Lake temperatures are usually about five-degrees warmer this time of year so that has made for some tough fishing as weather patterns come into play big time.

The best advice would be to slow down and fish deeper, or at least near where the deeper water intersects with points, bluff walls, humps or ditches, and target the warmest water possible. Pick lures that you have confidence in and work them slowly around the deeper areas where you locate bass and baitfish with your electronics.

The few fish that we have been catching are coming out of about 40 feet and some are suspended in the water column.

There is a simple and very productive method that has been working called the Float N Fly. This rig consists of a long rod between 8 and 10 feet, light 4-to 6-pound line, a bobber and a 1/8th or 1/16th ounce hair jig suspended about 8-feet below the bobber.

You need the long rod so that you can cast these bobbers with the long leaders. I use a SPRO Phat Fly, which basically looks like a very realistic crappie jig. Cast this rig around bluff walls or other productive areas and retrieve the bobber at a very slow rate of speed. If there is some chop on the water you may not even need to move it that much.

The jig or fly looks like a small shad and presents an easy slow moving target for these sluggish winter bass. This method will produce a limit when all else fails but it takes some practice to gain confidence.

Most anglers switch to small jigs, drop shots and finesse tactics but sometimes it pays to go big. A large SPRO BBZ1 Trout or the new smaller six-inch model or even a Bomber Long A can entice a trophy spotted or largemouth bass to bite, and a couple of big fish can actually win a tournament this time of year.

Of course when all else fails, try live bait. Striper anglers are reporting catching some five-pound spotted bass down-lined trout and bluebacks.

Winter striper fishing has been pretty good this year but this week’s cold weather has slowed them down slightly.

There have been some stripers moving shallow that are targeting shad in the creeks. If we get a few days of sunshine be sure to check the pockets and backs of the creeks where the water is stained because it will warm up and attract bait and stripers.

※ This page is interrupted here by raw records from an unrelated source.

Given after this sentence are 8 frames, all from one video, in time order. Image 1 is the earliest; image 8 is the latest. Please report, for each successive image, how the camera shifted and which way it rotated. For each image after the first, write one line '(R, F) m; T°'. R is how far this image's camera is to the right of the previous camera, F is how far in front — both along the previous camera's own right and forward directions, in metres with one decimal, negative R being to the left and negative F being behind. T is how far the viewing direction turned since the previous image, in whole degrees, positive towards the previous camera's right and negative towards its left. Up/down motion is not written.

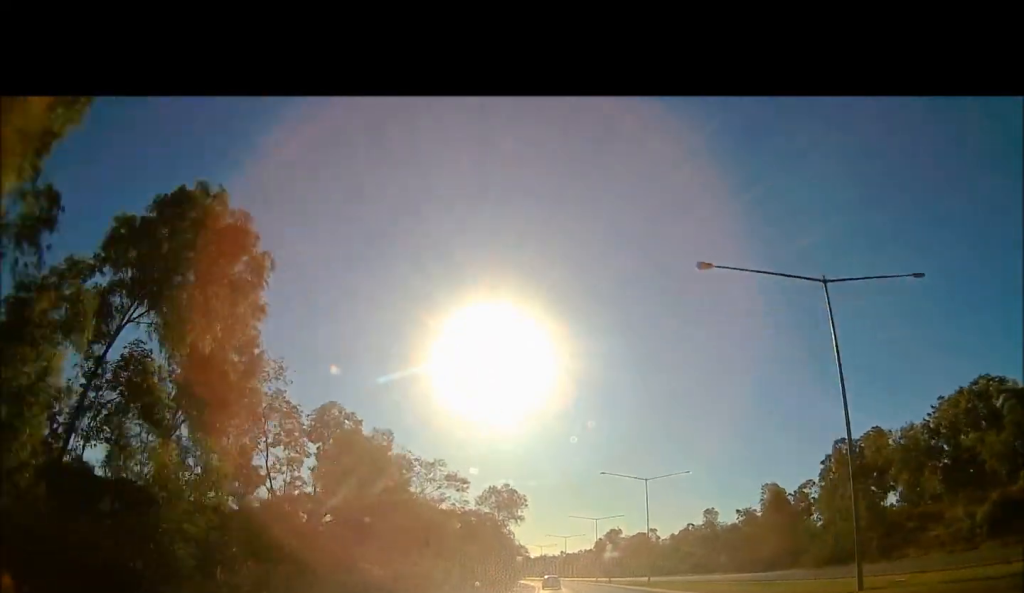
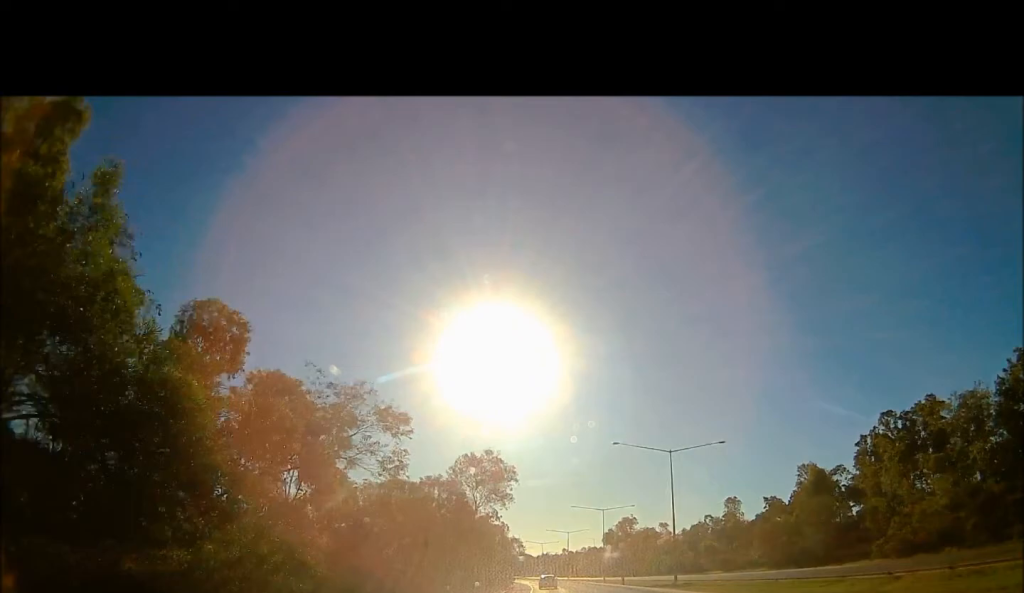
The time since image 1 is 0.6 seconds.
(-0.7, +15.3) m; 0°
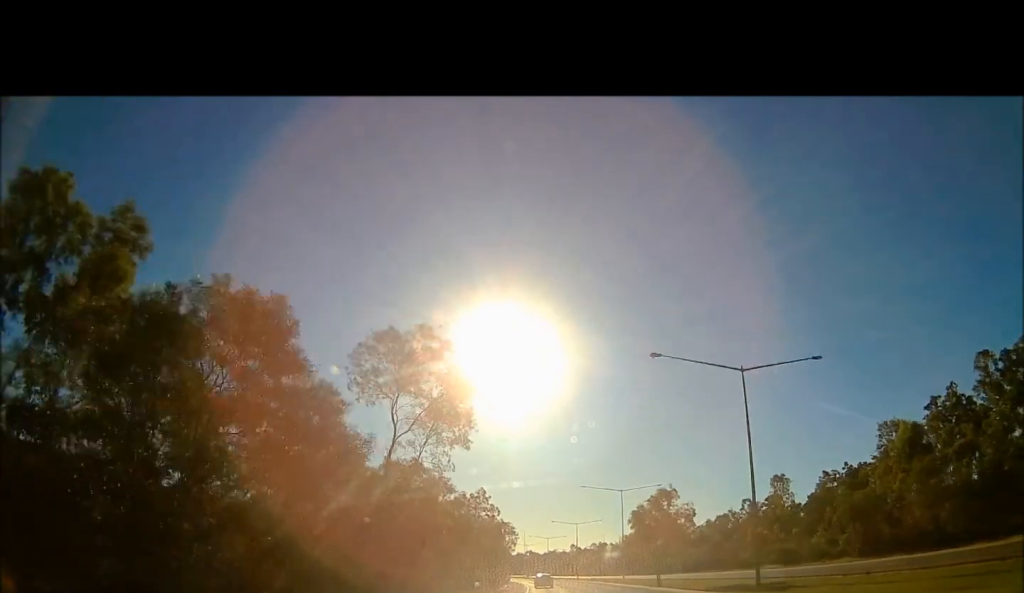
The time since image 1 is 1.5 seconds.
(0.0, +22.2) m; 0°
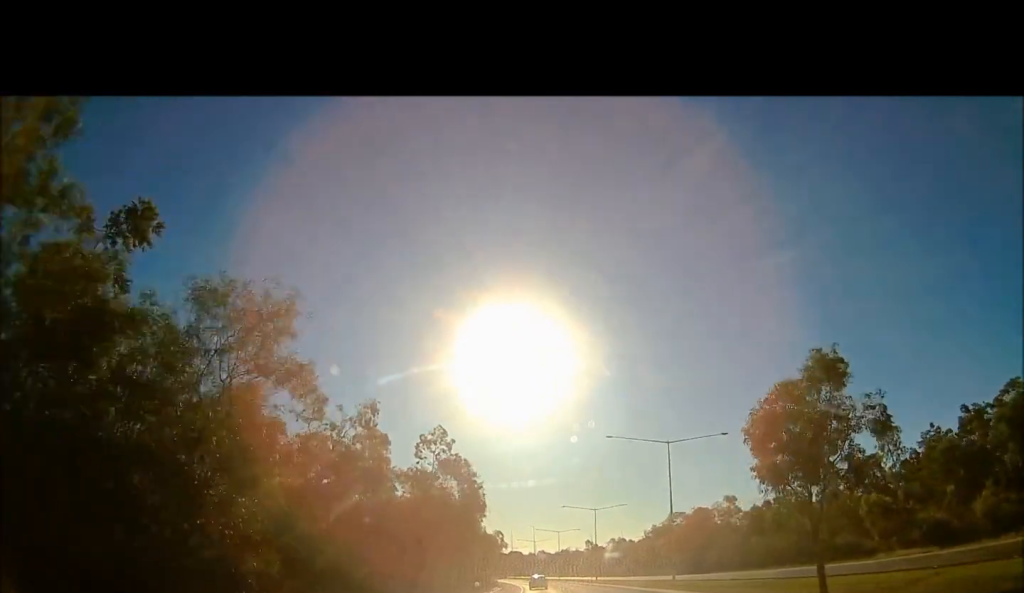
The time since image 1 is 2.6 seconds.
(-0.1, +30.1) m; -1°
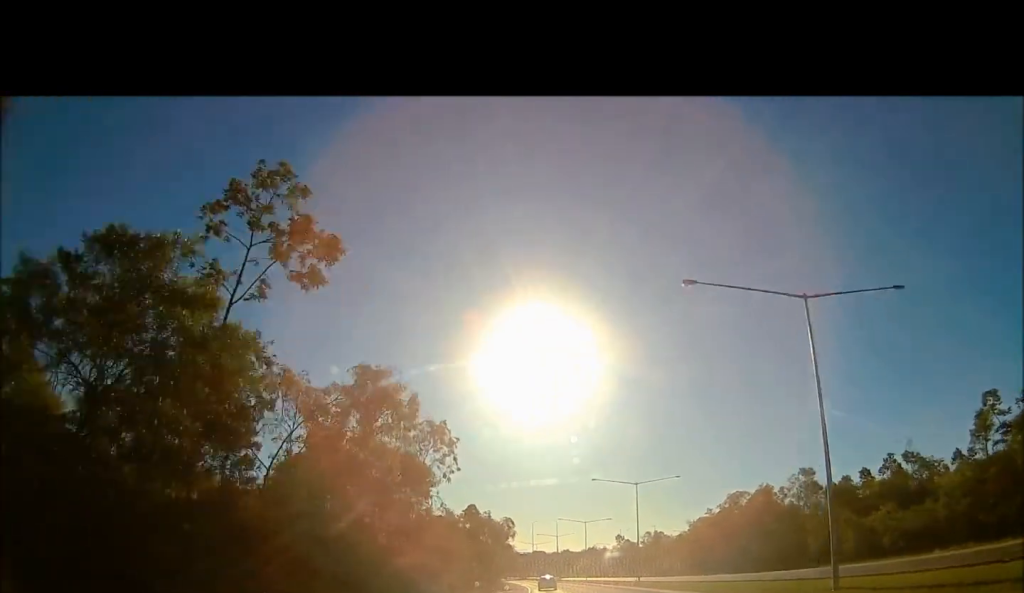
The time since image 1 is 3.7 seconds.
(-0.2, +27.9) m; -1°
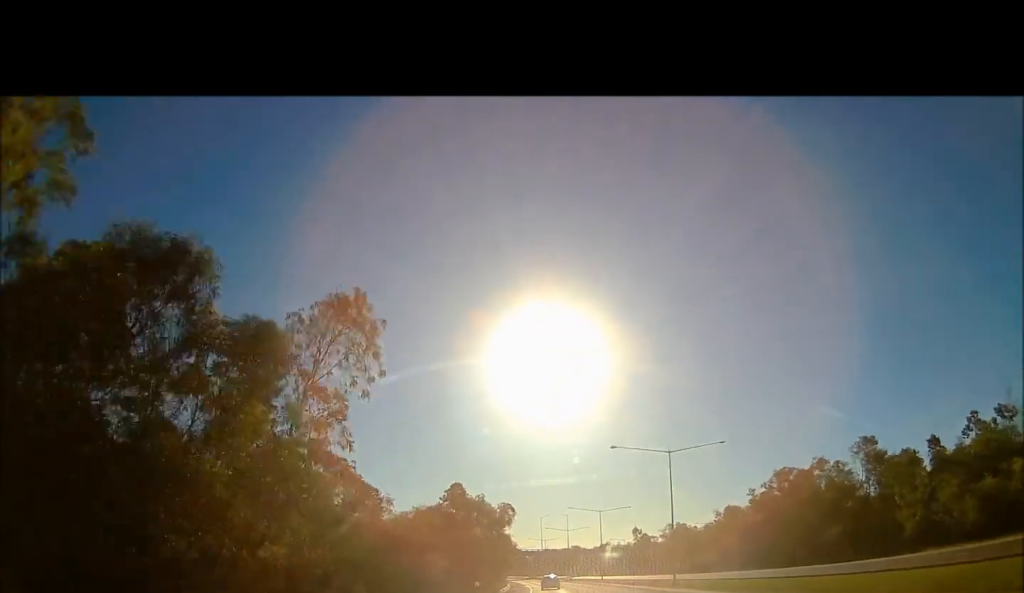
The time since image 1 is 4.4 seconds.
(0.0, +17.5) m; -1°
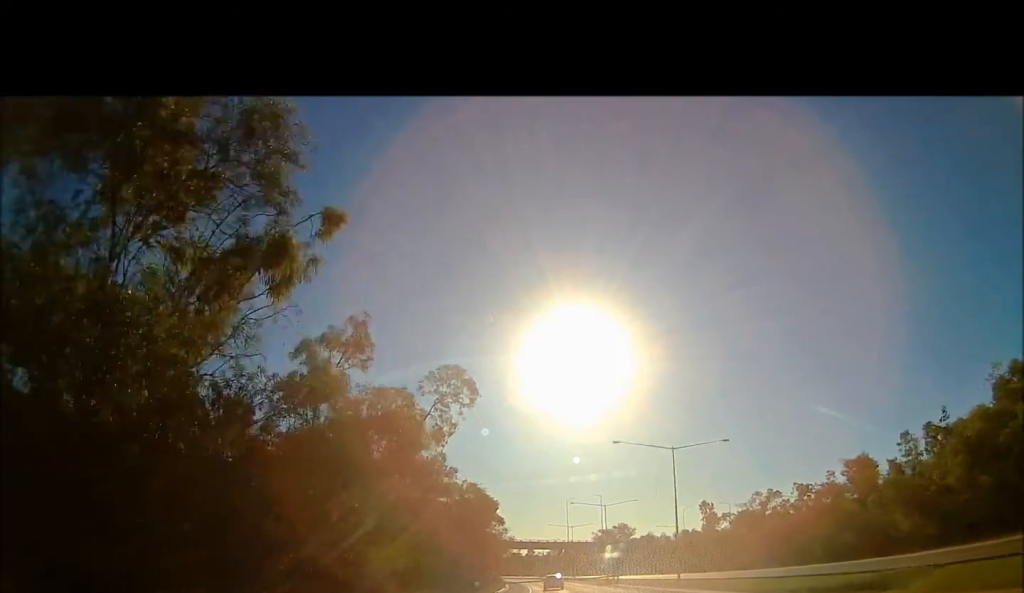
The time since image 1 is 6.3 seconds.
(-2.1, +52.1) m; -3°
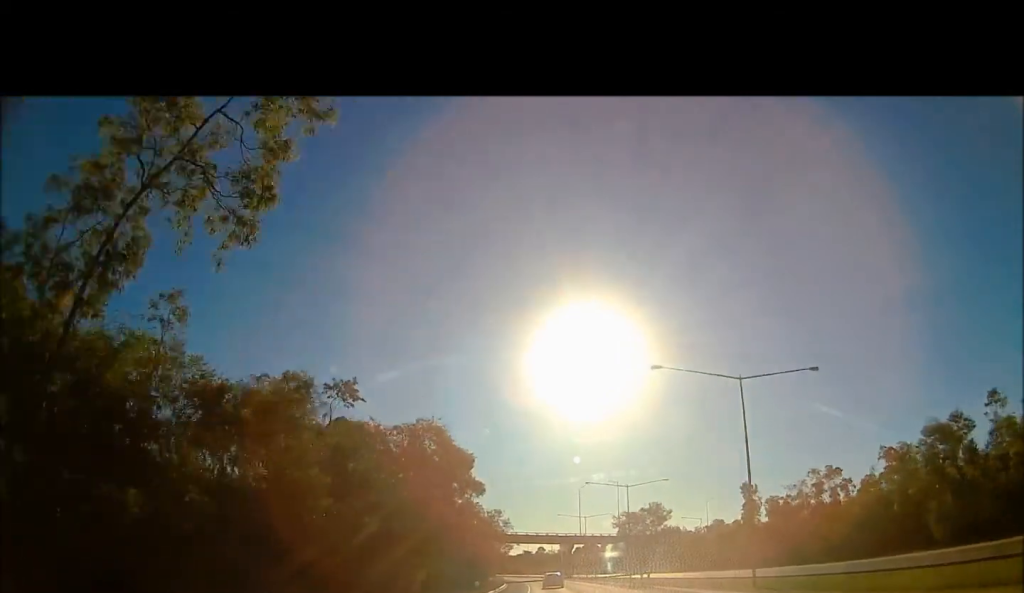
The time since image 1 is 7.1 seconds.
(0.0, +19.7) m; 0°

Check in with Hammond’s Fishing Center for up-to-date reports on the best methods for stripers and the best bait available.

Try several different baits until you figure out what will work. I remember years ago, I found a huge school of stripers in the back of a shallow pocket that stayed there for weeks eating tiny shad. It took me a couple of days but I finally ended up catching them with crappie minnows. My hooks were larger than the minnows, but it worked.

I also caught a few on very small buck tail jigs.

Then one day, later that same week a boat came charging in, cast out large Bomber Long A plugs and both anglers hooked up on their very first casts: go figure.

The cold water has kept crappie fishing slow. Use small crappie minnows or crappie jigs tipped with a live minnow below docks in the creeks at 20 feet.

The Department Of Natural Resources needs volunteers for the Delayed Harvest Section stocking the Chattahoochee River at the NPS Whitewater Creek Park. Whitewater Creek Park is located in the Palisades East of the Chattahoochee NRA and can be found in maps at  http://www.nps.gov/chat/planyourvisit/maps.htm

The stocking is scheduled, rain or shine, for Feb. 23.

Volunteers should arrive, park, and be ready to begin stockings at 10:30 a.m. Please leave enough room for the stocking truck to park near the river. Volunteers should have a completed volunteer waiver (attached), wear weather appropriate clothing and bring waders and a five-gallon bucket for hauling trout.

Trout fishing should really get better as spring approaches and the DNR stocks them up.

Striper fishing from the banks is still the most productive method. Use live medium shiners on the sunny banks towards the middle to the back of the creeks. Also try cut bait on the bottom for a trophy striper and an occasional catfish too.